Stored items
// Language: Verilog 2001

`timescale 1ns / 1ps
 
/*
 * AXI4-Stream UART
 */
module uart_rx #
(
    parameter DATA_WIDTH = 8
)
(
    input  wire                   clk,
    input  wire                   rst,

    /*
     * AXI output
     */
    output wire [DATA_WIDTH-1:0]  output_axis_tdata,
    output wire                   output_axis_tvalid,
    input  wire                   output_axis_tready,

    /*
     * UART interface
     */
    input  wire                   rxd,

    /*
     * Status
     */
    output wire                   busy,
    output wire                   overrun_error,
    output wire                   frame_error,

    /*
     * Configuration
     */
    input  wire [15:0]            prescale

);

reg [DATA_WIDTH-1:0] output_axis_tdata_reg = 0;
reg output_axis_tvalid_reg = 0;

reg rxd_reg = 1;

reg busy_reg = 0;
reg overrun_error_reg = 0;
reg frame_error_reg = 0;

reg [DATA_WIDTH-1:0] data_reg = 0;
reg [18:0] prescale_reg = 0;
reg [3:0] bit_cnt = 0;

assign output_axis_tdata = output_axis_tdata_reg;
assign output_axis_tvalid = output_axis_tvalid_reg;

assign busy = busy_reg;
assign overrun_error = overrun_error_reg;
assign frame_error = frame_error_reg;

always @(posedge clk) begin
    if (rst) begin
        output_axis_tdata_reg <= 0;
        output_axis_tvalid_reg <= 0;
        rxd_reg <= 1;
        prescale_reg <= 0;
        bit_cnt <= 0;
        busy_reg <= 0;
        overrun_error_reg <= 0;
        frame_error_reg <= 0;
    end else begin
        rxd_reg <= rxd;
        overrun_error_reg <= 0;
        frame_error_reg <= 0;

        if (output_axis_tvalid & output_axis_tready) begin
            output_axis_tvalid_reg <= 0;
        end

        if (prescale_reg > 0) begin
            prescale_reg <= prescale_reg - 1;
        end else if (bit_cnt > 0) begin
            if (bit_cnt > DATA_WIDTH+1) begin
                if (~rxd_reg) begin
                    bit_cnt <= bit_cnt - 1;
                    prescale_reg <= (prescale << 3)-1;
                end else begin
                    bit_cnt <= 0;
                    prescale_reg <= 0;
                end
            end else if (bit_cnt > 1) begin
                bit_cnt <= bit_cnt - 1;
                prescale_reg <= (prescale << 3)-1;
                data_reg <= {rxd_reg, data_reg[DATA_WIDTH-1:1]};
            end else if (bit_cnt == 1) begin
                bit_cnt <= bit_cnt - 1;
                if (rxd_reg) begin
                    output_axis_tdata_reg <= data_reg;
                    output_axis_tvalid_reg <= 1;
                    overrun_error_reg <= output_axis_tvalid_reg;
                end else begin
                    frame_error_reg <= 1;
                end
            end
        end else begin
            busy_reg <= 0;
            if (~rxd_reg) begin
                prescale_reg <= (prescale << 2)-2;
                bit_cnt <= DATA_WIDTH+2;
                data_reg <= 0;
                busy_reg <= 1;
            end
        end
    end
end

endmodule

Exercise
Could you find every line in the records above that has the string "assign" and copy it?

Written answer
assign output_axis_tdata = output_axis_tdata_reg;
assign output_axis_tvalid = output_axis_tvalid_reg;
assign busy = busy_reg;
assign overrun_error = overrun_error_reg;
assign frame_error = frame_error_reg;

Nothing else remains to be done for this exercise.